13.1.4 File Structure

File type은 file 내부 구조를 나타내는 데도 쓰일 수 있다. Source/object files는 그것을 읽는 programs가 기대하는 structures를 가진다. Executable file은 OS loader가 memory에 어디에 load하고 first instruction이 어디인지 알 수 있도록 specific structure를 가져야 한다.

OS가 여러 file structures를 직접 support하면 application 개발이 쉬워질 수 있지만, OS가 커지고 둔해진다. 다섯 가지 file structures를 정의하면 OS는 그 structures를 지원하는 code를 모두 포함해야 하고, 새 application이 OS가 모르는 structure를 요구하면 문제가 생긴다. 예를 들어 OS가 text file과 executable binary만 지원한다고 할 때, encrypted file은 text도 executable도 아니어서 file-type mechanism을 우회하거나 misuse해야 할 수 있다.

UNIX, Windows 등 많은 systems는 최소한의 file structure만 impose/support한다. UNIX는 file을 8-bit bytes sequence로 보고, OS는 bits를 해석하지 않는다. 이 방식은 maximum flexibility를 제공하지만 support는 적다. 각 application이 input file structure를 스스로 해석해야 한다. 그래도 모든 OS는 적어도 executable file structure는 알아야 한다. Programs를 load/run해야 하기 때문이다.
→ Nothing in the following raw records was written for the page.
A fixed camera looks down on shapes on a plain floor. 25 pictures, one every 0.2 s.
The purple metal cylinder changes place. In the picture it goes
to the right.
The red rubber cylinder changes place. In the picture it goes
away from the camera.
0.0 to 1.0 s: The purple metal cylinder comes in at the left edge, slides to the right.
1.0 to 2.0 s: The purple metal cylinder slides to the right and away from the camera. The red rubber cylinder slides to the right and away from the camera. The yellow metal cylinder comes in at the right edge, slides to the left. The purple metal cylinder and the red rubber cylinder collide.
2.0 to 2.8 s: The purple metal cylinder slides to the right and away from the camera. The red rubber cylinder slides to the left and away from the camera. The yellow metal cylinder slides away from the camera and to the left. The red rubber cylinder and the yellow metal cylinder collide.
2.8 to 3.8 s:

13.1.5 Internal File Structure

File 안 offset을 physical storage에 연결하는 일은 내부적으로 복잡할 수 있다. Disk systems는 sector size로 결정되는 fixed block size를 갖고, 모든 disk I/O는 one block 또는 physical record 단위로 수행된다. 하지만 application이 원하는 logical record length는 physical block size와 정확히 맞지 않을 수 있고, logical records는 variable length일 수도 있다.
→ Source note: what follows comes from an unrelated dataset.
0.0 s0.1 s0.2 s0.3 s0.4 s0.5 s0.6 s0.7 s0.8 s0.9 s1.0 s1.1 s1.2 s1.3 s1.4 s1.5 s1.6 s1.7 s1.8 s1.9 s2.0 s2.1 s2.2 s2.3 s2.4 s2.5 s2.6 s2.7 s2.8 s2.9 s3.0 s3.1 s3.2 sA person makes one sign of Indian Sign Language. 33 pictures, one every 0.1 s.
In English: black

공통 해결책은 여러 logical records를 physical blocks에 packing하는 것이다. UNIX는 모든 files를 byte streams로 보고 각 byte를 file beginning 또는 end로부터 offset으로 addressable하게 한다. 이 경우 logical record size는 1 byte이고, file system이 512 bytes/block 같은 physical disk blocks로 자동 packing/unpacking한다.

Logical record size, physical block size, packing technique은 physical block당 logical records 수를 결정한다. Packing은 application이 할 수도 있고 OS가 할 수도 있다. 어느 쪽이든 file은 blocks sequence로 볼 수 있고, basic I/O functions는 blocks 관점에서 동작한다.
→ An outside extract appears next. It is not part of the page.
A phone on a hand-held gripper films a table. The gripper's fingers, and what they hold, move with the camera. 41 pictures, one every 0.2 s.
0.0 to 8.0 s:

Disk space는 항상 blocks 단위로 allocate되므로 각 file의 last block 일부는 낭비될 수 있다. 예를 들어 block이 512 bytes이고 file이 1,949 bytes라면 4 blocks, 즉 2,048 bytes가 allocate되고 마지막 99 bytes는 unused가 된다. 이 낭비가 internal fragmentation이다. 모든 file systems는 internal fragmentation을 겪고, block size가 클수록 fragmentation도 커진다.

13.2 Access Methods

File에 저장된 information은 memory로 읽혀 사용된다. 이 information에 접근하는 방식이 access method다. 어떤 systems는 하나의 access method만 제공하고, mainframe OS 같은 systems는 여러 access methods를 제공한다. Application 특성에 맞는 access method 선택은 file-system interface design의 중요한 문제다.

13.2.1 Sequential Access

sequential access는 가장 단순한 access method다. Information을 one record after another, 즉 순서대로 처리한다. Editors와 compilers는 보통 files를 이런 방식으로 access한다.

Sequential file에서 read/write의 핵심은 current position이다. read next()는 file의 next portion을 읽고 file pointer를 자동 advance한다. write next()는 file end에 append하고 newly written material의 end로 pointer를 advance한다. File은 beginning으로 reset될 수 있고, 일부 systems는 n records forward/backward skip을 제공하기도 한다.

Sequential-access file

_{Figure 13.4 · PDF p. 669 · current position에서 read/write가 진행되고 rewind로 beginning으로 돌아가는 sequential-access file model}

Sequential access는 tape model에 기반하지만, random-access device에서도 잘 동작한다. 즉 storage device가 disk라고 해서 application이 반드시 direct access를 써야 하는 것은 아니다.

13.2.2 Direct Access

direct access 또는 relative access에서는 file을 fixed-length logical records의 numbered sequence로 본다. Disk가 arbitrary block random access를 지원하므로 direct-access method는 disk model에 기반한다. Direct-access file에서는 block 14를 읽고, block 53을 읽고, block 7을 쓰는 식의 임의 순서 access가 가능하다.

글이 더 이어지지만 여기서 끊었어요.